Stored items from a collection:
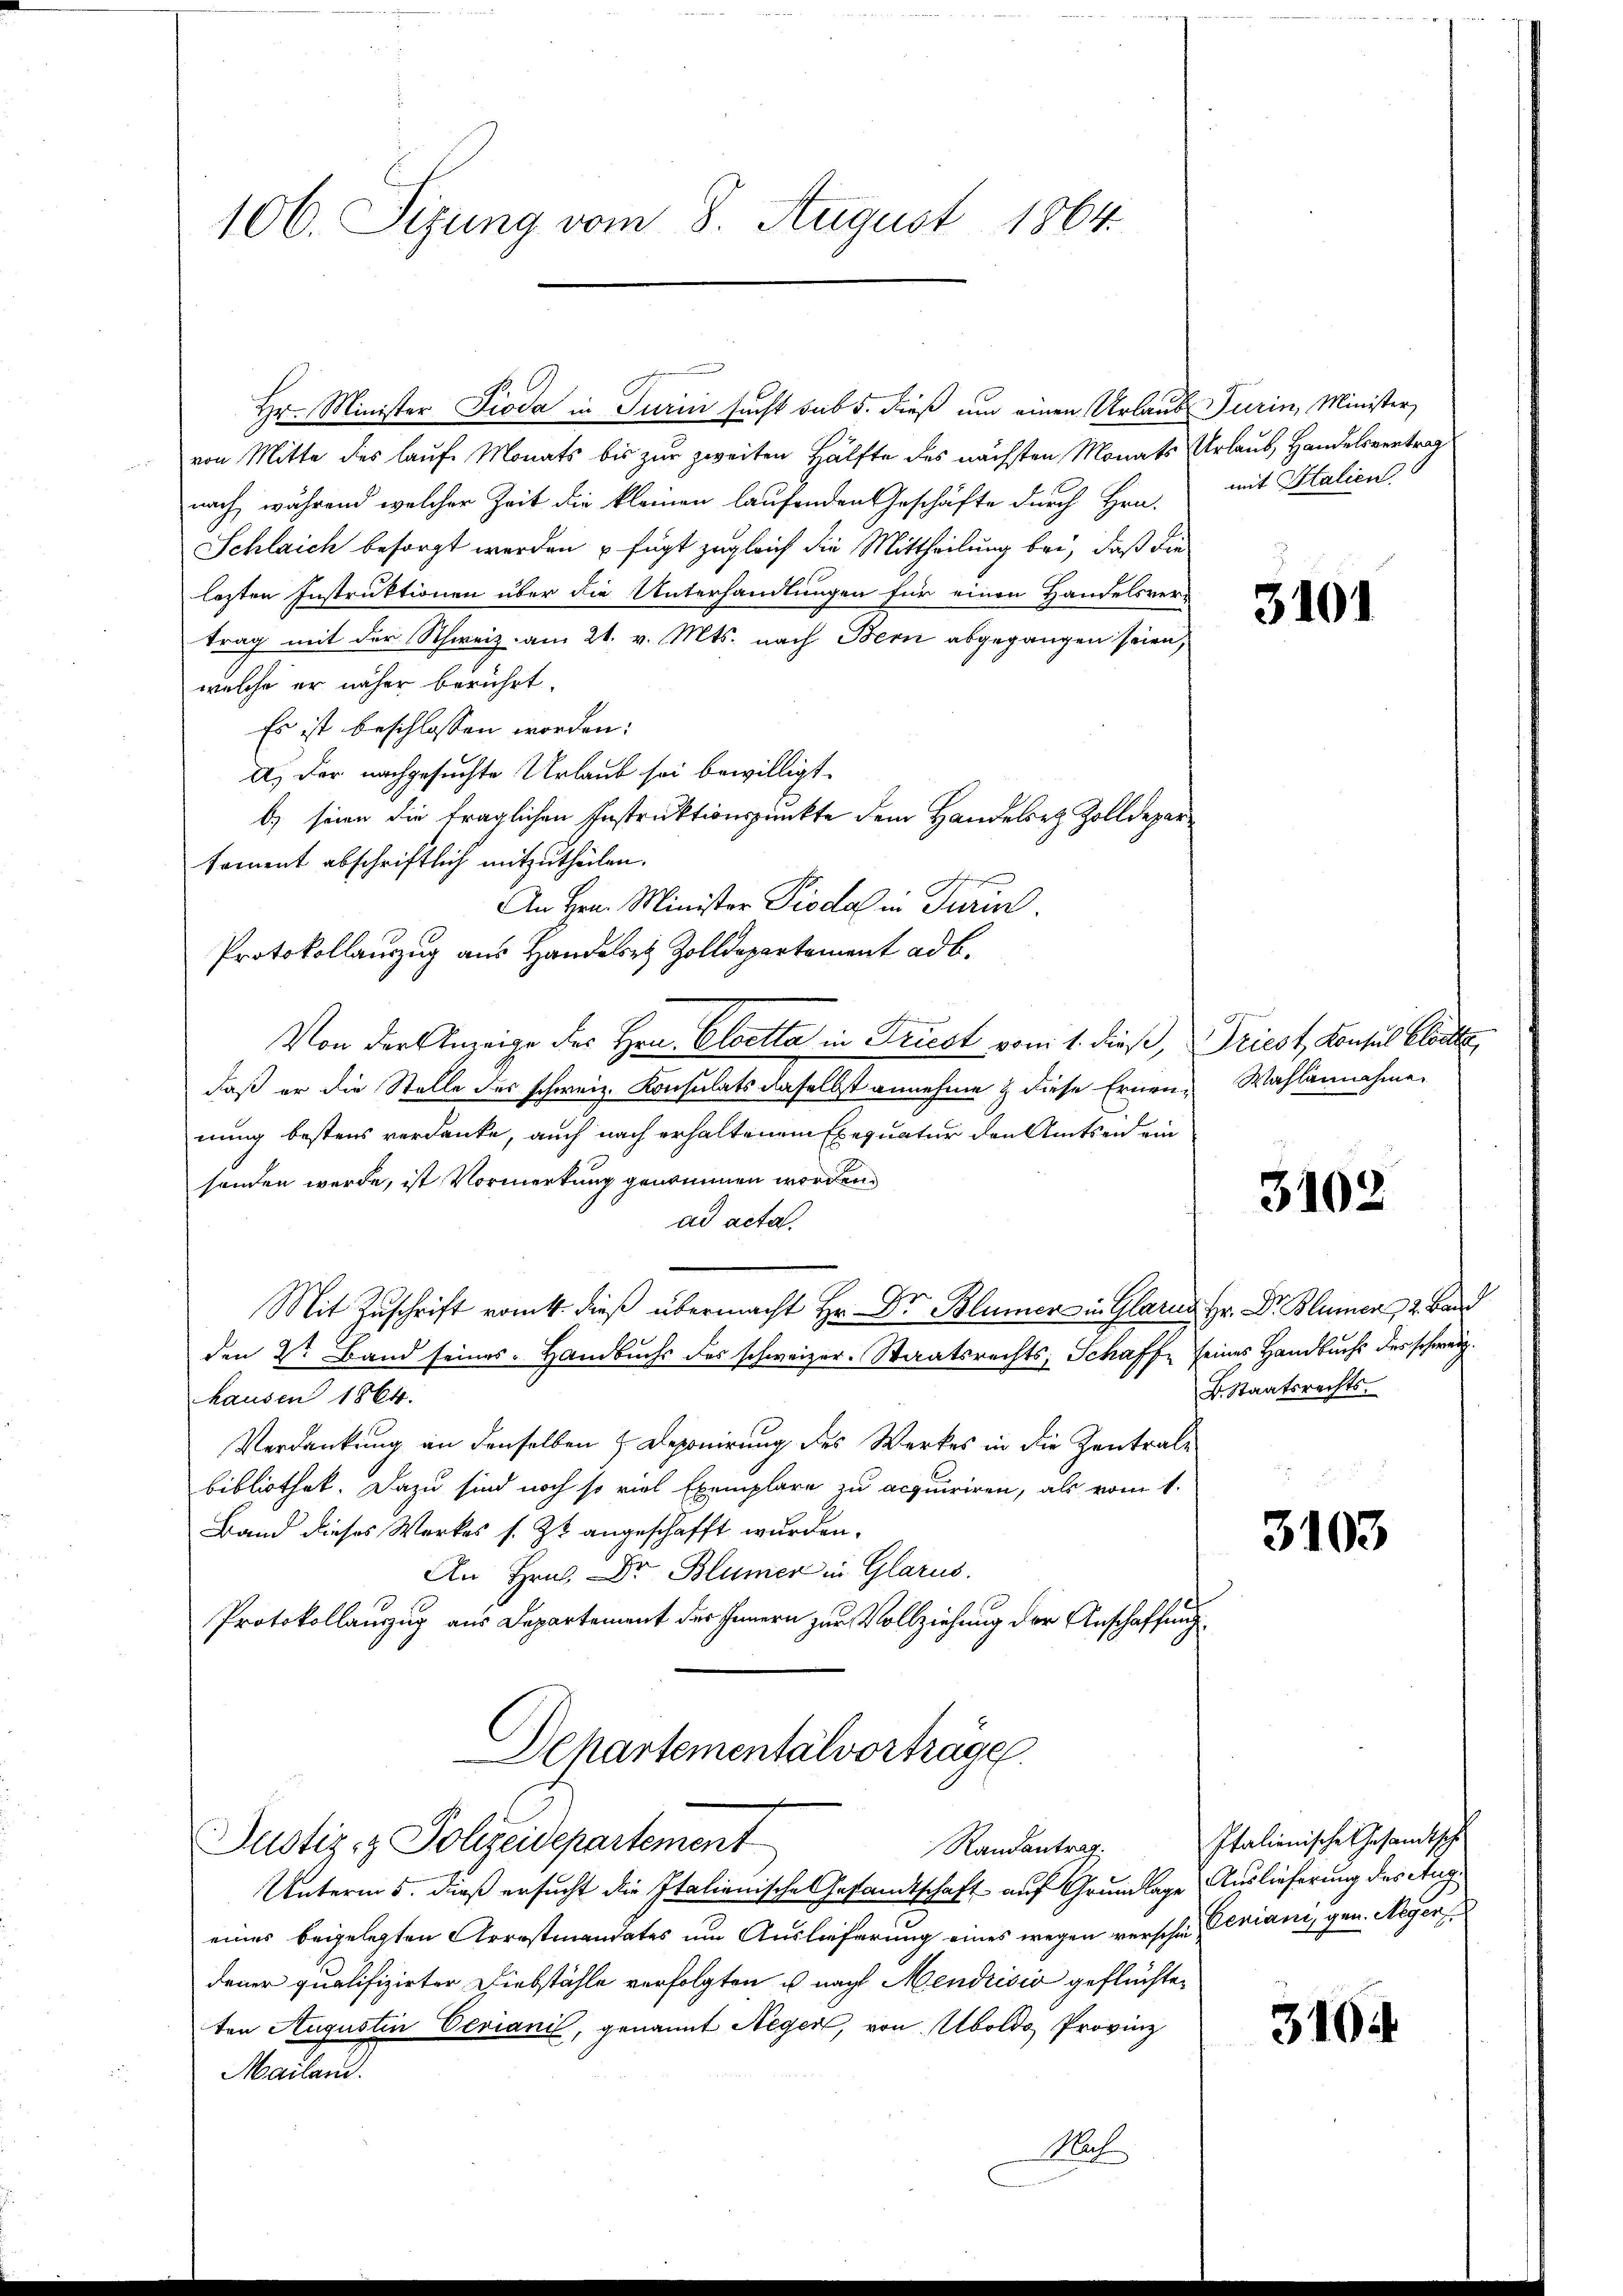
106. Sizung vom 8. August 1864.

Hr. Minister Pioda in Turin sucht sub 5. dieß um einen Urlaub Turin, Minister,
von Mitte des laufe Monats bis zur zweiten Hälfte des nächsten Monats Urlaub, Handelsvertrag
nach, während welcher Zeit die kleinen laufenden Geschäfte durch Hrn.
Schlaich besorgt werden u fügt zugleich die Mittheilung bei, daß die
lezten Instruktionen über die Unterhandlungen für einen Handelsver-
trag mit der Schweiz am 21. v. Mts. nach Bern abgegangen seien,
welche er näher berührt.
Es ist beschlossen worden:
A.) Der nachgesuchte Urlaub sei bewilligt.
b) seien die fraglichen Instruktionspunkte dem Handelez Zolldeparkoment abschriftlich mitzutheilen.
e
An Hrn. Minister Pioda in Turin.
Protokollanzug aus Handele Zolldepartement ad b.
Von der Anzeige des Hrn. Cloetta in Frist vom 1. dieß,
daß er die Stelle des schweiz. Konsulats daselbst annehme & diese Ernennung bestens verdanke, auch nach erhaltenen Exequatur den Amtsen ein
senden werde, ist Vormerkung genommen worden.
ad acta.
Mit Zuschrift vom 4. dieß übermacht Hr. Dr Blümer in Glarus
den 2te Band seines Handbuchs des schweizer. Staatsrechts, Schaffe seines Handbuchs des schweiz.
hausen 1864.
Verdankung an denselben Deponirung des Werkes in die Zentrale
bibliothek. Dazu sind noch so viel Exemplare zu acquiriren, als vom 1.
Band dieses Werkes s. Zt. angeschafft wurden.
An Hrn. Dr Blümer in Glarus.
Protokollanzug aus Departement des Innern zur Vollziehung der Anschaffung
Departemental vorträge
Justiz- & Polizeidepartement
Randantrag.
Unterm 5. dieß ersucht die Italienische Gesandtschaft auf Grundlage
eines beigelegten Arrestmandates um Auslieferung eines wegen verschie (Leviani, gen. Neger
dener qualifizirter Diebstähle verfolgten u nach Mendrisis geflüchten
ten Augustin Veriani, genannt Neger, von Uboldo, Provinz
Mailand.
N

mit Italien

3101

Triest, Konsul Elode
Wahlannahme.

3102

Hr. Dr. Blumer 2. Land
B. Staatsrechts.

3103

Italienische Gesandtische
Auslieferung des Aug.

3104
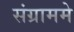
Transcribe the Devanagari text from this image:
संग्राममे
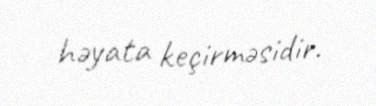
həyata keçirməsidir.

HOW TO COMPLETE THIS TASK:
Nothing but the text is wanted: repeat the data above exactly, without its images.

OUTPUT BELOW:
106. Sizung vom 8. August 1864.

Hr. Minister Pioda in Turin sucht sub 5. dieß um einen Urlaub Turin, Minister,
von Mitte des laufe Monats bis zur zweiten Hälfte des nächsten Monats Urlaub, Handelsvertrag
nach, während welcher Zeit die kleinen laufenden Geschäfte durch Hrn.
Schlaich besorgt werden u fügt zugleich die Mittheilung bei, daß die
lezten Instruktionen über die Unterhandlungen für einen Handelsver-
trag mit der Schweiz am 21. v. Mts. nach Bern abgegangen seien,
welche er näher berührt.
Es ist beschlossen worden:
A.) Der nachgesuchte Urlaub sei bewilligt.
b) seien die fraglichen Instruktionspunkte dem Handelez Zolldeparkoment abschriftlich mitzutheilen.
e
An Hrn. Minister Pioda in Turin.
Protokollanzug aus Handele Zolldepartement ad b.
Von der Anzeige des Hrn. Cloetta in Frist vom 1. dieß,
daß er die Stelle des schweiz. Konsulats daselbst annehme & diese Ernennung bestens verdanke, auch nach erhaltenen Exequatur den Amtsen ein
senden werde, ist Vormerkung genommen worden.
ad acta.
Mit Zuschrift vom 4. dieß übermacht Hr. Dr Blümer in Glarus
den 2te Band seines Handbuchs des schweizer. Staatsrechts, Schaffe seines Handbuchs des schweiz.
hausen 1864.
Verdankung an denselben Deponirung des Werkes in die Zentrale
bibliothek. Dazu sind noch so viel Exemplare zu acquiriren, als vom 1.
Band dieses Werkes s. Zt. angeschafft wurden.
An Hrn. Dr Blümer in Glarus.
Protokollanzug aus Departement des Innern zur Vollziehung der Anschaffung
Departemental vorträge
Justiz- & Polizeidepartement
Randantrag.
Unterm 5. dieß ersucht die Italienische Gesandtschaft auf Grundlage
eines beigelegten Arrestmandates um Auslieferung eines wegen verschie (Leviani, gen. Neger
dener qualifizirter Diebstähle verfolgten u nach Mendrisis geflüchten
ten Augustin Veriani, genannt Neger, von Uboldo, Provinz
Mailand.
N

mit Italien

3101

Triest, Konsul Elode
Wahlannahme.

3102

Hr. Dr. Blumer 2. Land
B. Staatsrechts.

3103

Italienische Gesandtische
Auslieferung des Aug.

3104
Transcribe the Devanagari text from this image:
संग्राममे
həyata keçirməsidir.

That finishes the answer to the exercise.